In animal experiments, MSC transplantation typically proceeds via portal vein, hepatic artery, peripheral vein, intraperitoneal, or local injections into the liver or spleen. In clinical applications, the principal transplantation methods include portal vein, hepatic artery, and peripheral vein injections. To address these clinical issues, BMSC treatment between the portal vein and the hepatic artery must be further explored. For therapeutic applications, it is important to understand the possible repair mechanisms of BMSCs, including their differentiation into functional hepatic cells and reduction in hepatocyte apoptosis, and this requires further investigation.

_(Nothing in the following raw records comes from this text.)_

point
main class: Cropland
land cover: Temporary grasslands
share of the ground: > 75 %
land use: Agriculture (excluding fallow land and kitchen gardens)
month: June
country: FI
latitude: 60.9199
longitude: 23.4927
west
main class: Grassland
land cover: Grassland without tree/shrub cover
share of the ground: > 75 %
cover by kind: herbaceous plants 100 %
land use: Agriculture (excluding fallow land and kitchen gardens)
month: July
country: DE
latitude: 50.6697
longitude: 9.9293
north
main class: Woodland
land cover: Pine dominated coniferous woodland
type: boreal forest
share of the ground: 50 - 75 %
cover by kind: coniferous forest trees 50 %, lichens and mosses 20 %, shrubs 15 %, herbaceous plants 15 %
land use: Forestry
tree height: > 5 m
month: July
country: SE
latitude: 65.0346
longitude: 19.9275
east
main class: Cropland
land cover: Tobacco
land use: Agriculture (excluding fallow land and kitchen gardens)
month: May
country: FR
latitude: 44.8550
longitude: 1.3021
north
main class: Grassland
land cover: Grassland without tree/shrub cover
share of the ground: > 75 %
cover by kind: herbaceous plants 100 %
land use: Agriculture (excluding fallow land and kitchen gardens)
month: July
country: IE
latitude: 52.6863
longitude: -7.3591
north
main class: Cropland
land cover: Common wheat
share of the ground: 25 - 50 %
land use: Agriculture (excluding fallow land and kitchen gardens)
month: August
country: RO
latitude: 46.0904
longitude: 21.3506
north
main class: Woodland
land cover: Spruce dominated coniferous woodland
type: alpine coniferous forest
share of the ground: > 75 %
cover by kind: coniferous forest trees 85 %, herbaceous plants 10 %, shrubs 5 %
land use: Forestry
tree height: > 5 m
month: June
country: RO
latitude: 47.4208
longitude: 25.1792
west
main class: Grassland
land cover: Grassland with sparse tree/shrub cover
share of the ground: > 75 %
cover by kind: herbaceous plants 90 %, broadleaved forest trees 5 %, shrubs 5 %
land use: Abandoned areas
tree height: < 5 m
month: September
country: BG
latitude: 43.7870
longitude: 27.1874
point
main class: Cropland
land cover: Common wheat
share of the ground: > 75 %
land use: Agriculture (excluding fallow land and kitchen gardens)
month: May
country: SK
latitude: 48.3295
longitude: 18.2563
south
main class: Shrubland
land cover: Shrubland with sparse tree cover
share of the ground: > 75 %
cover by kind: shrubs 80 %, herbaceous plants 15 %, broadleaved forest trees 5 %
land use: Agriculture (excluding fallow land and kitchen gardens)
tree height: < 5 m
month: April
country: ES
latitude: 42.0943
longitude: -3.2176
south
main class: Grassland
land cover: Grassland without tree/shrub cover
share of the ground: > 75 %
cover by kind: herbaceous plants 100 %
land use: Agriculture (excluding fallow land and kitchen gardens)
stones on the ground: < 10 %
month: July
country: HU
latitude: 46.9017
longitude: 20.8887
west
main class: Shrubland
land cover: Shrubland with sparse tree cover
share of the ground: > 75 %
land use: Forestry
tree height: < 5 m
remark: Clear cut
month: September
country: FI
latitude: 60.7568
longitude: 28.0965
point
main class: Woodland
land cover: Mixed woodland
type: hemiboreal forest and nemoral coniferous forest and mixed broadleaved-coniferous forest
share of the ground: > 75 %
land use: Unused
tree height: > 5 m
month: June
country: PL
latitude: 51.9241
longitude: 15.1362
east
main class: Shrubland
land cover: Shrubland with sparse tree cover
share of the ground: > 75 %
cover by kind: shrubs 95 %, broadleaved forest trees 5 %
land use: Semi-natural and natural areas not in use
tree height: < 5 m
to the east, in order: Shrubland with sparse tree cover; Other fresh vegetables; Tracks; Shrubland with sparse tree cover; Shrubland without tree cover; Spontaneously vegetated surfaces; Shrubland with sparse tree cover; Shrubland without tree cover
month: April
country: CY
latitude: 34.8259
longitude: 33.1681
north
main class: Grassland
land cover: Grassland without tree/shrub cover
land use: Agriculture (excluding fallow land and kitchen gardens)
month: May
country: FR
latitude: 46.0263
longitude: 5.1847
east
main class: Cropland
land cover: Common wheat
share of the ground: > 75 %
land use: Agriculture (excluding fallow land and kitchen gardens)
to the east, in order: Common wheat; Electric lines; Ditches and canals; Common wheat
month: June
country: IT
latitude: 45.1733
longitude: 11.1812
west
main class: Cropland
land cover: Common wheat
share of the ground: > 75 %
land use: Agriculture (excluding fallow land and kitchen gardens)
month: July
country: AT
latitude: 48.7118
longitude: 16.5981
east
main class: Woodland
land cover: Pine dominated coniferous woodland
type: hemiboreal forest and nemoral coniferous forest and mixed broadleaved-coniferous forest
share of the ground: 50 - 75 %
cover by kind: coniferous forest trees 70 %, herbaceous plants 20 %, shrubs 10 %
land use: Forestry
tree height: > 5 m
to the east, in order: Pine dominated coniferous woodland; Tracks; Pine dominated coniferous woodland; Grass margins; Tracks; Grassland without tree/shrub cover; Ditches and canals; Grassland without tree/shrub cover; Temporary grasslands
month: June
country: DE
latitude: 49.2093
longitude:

In summary, during the development of cholestatic liver fibrosis in mice, BMSC transplantation alleviated the inflammatory response in the mouse liver tissues, reduced collagen fiber formation, inhibited HSC activation, and improved liver fibrosis. The therapeutic effect of BMSCs on cholestatic liver fibrosis in mice through portal vein injection was superior to that of BMSCs injected through the tail vein.